## Task directions
The required copy runs from the first line of the material through the line containing "214.881L128.304 128.475L172.714 172.884V256.394L212.297", exactly as written and without pictures.

START Exercise data

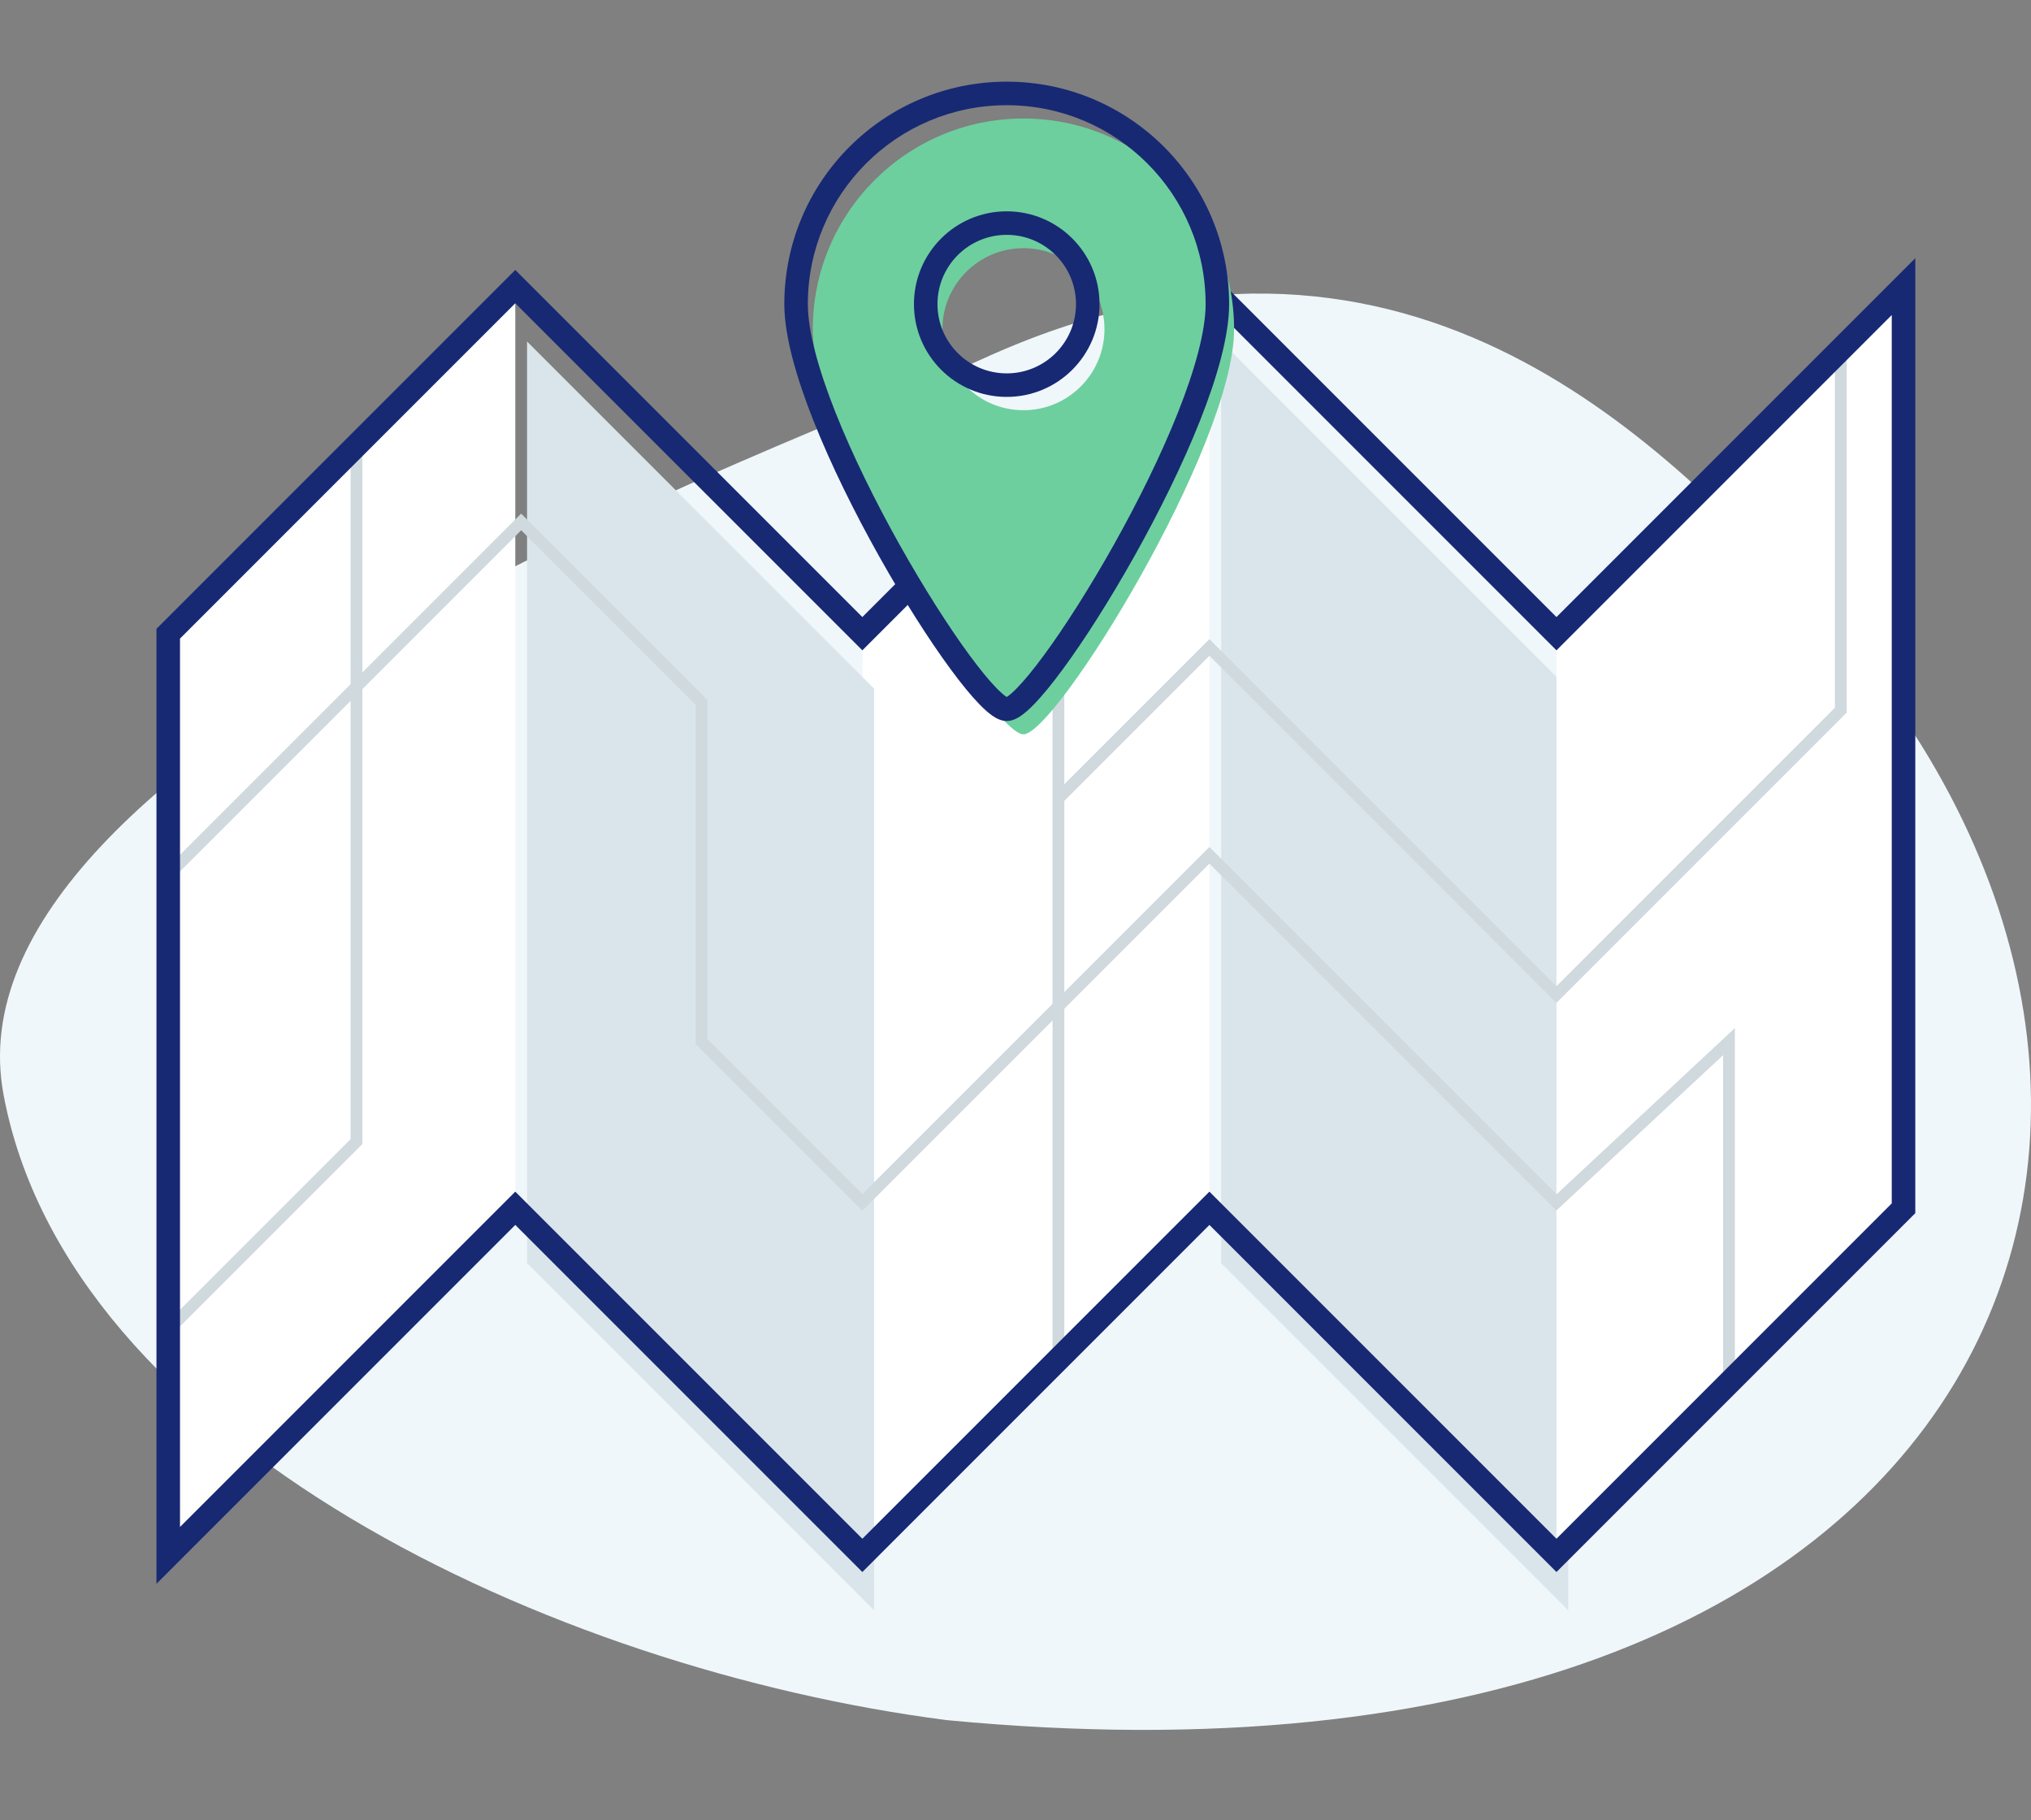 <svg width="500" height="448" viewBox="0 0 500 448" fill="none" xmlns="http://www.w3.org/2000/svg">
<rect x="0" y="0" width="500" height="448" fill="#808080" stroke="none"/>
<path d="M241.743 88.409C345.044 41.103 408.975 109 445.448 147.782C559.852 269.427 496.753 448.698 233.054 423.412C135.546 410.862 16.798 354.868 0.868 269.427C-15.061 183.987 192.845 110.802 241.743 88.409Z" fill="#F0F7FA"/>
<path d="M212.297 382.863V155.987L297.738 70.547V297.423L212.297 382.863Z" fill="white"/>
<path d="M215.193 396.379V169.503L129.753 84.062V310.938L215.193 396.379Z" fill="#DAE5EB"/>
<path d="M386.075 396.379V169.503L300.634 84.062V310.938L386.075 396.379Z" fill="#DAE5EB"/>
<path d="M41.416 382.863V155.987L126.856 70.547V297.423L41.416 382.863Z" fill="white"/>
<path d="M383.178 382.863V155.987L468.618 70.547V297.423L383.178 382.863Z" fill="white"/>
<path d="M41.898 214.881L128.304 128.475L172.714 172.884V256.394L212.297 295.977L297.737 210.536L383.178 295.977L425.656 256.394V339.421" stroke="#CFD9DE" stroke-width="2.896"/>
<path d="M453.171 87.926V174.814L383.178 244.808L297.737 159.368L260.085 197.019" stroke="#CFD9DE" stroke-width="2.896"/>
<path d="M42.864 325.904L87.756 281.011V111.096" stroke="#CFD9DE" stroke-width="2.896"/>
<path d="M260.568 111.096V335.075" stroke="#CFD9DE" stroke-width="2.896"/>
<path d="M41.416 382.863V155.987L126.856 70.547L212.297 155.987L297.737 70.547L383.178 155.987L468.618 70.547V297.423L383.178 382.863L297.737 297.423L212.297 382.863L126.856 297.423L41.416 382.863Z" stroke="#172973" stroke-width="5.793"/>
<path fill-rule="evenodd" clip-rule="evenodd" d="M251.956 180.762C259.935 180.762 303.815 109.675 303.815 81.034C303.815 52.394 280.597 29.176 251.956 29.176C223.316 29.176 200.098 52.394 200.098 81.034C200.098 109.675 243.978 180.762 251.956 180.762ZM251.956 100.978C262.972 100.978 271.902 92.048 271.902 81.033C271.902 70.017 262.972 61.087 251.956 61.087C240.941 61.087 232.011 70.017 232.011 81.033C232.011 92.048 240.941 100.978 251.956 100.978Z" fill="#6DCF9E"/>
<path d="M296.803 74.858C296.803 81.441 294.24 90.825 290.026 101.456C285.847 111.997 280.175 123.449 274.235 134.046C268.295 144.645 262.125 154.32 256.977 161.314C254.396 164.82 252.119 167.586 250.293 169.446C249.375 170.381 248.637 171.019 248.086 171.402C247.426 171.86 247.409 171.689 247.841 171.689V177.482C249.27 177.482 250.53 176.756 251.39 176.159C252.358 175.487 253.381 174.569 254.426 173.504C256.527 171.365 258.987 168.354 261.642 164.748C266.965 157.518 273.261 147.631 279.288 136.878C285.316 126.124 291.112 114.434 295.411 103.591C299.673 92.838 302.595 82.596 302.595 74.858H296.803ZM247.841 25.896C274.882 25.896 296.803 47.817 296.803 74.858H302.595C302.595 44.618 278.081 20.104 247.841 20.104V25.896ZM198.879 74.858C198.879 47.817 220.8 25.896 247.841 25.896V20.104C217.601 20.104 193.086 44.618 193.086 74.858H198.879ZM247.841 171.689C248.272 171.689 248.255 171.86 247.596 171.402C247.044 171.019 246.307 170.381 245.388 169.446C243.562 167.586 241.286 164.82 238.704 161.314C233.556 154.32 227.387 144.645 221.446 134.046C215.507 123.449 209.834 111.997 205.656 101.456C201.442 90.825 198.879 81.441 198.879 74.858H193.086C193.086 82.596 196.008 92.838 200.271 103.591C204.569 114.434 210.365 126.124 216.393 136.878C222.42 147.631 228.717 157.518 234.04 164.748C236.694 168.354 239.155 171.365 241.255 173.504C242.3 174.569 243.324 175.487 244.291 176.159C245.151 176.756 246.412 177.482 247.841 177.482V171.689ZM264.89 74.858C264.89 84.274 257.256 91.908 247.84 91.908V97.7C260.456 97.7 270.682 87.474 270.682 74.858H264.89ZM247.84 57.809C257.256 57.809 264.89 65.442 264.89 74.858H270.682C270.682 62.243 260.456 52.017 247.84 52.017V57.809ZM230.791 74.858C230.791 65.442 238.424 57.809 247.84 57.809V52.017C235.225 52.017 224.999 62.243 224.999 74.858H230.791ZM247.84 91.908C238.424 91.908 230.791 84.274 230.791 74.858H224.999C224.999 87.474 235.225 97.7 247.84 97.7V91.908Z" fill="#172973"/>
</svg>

END Exercise data

## Answer box
 <svg width="500" height="448" viewBox="0 0 500 448" fill="none" xmlns="http://www.w3.org/2000/svg">
<rect x="0" y="0" width="500" height="448" fill="#808080" stroke="none"/>
<path d="M241.743 88.409C345.044 41.103 408.975 109 445.448 147.782C559.852 269.427 496.753 448.698 233.054 423.412C135.546 410.862 16.798 354.868 0.868 269.427C-15.061 183.987 192.845 110.802 241.743 88.409Z" fill="#F0F7FA"/>
<path d="M212.297 382.863V155.987L297.738 70.547V297.423L212.297 382.863Z" fill="white"/>
<path d="M215.193 396.379V169.503L129.753 84.062V310.938L215.193 396.379Z" fill="#DAE5EB"/>
<path d="M386.075 396.379V169.503L300.634 84.062V310.938L386.075 396.379Z" fill="#DAE5EB"/>
<path d="M41.416 382.863V155.987L126.856 70.547V297.423L41.416 382.863Z" fill="white"/>
<path d="M383.178 382.863V155.987L468.618 70.547V297.423L383.178 382.863Z" fill="white"/>
<path d="M41.898 214.881L128.304 128.475L172.714 172.884V256.394L212.297 295.977L297.737 210.536L383.178 295.977L425.656 256.394V339.421" stroke="#CFD9DE" stroke-width="2.896"/>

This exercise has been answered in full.